Most of those crypto currencies smell like MLM schemes for people who scoff at housewives doing the same with physical products. Get rich fast at the expense of the late comers, you can do it! Start by getting your family and friends in it.
The old goals of making a decentralized money to fuel revolutions disappeared fast once the only users ended being pure criminals.
> Examples here are (again) the cryptocurrency scene which has been pretty good at othering critics as “no-coiners” or lately with the phrase “have fun staying poor”.
I’m somebody that spends a good deal of time thinking deeply on cryptocurrencies and the implications to society.
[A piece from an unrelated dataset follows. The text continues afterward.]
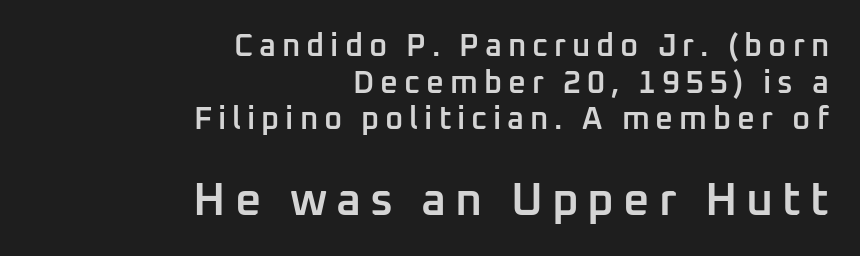
The image shows 46 px semibold sans-serif type, upright; set right-aligned, line spacing 1.18x, not underlined; the second (bottom) block is 1.48x larger; low stroke contrast and a medium x-height.
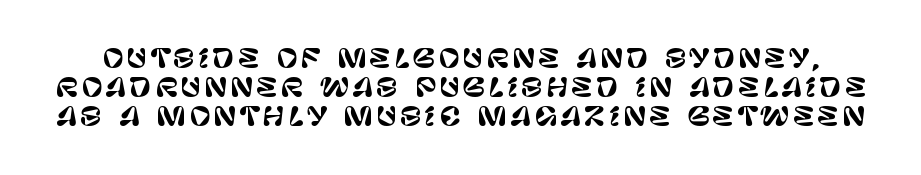
The image shows 26 px text type; set tight line spacing (1.12x), not underlined.

I believe they a positive, revolutionary step in the right direction of human liberty. And I’ll gladly acknowledge that it’s still speculative until it’s not.
But crypto, like any other movement, attracts total scumbags. It’s unfortunate because people who speak negatively only serve to undermine their group - whether it’s crypto or a social cause group etc. and often they, themselves, are the insecure ignorant one that don’t even deeply understand what they’re fighting for.
> First, you gave to either understand the underlying technology, or someone you trust have to understand it sufficiently to be able to say "this is bullshit", or "this is a great novel idea that makes a lot of sense".
> Then you invest a bit of your really disposable income in it
Sorry, but I find it a bit funny that in your "winning strategy" you seem to invest on the second step regardless if you in the first step ended in the "this is bullshit" or not. (full disclosure, so far, every crypto thing I have seen has fallen to the "this is bullshit" bucket in my opinion. But I guess my "if it looks, walks and smells like bullshit, don't touch it with a ten foot pole" is not a winnig strategy.)
> There was a time when I was proud of working on crypto, and how most of our users were actually, genuinely using our product to evade various forms of abuse from their local authorities.
This is one of cases where the term "crypto" is genuinely confusing. I'd easily believe your claim if it were about cryptography, but I'm highly skeptical about it as applied to cryptocurrency.
I wouldn't be surprised if, when the final history of cryptocurrency is written, its main effects will be judged to have been scams and linguistic confusion.
You are projecting your insecurity - don't focus on the assholes. Most people actually being productive in the blockchain space want you to learn. You are right to think there are lots of marketers/sellers who don't understand what is going on. Listen to the engineers who are talking about the details on discord and on their blogs, not the idiots on Twitter trying pump their bags.
> In order to play the crypto game you have to learn this absurd set of rules.
This is true - people who are playing the crypto game are trying to invent new rules for how society should operate. This is why some things that happen in the crypto world seem incredibly stupid or useless. People are working with different fundamental assumptions.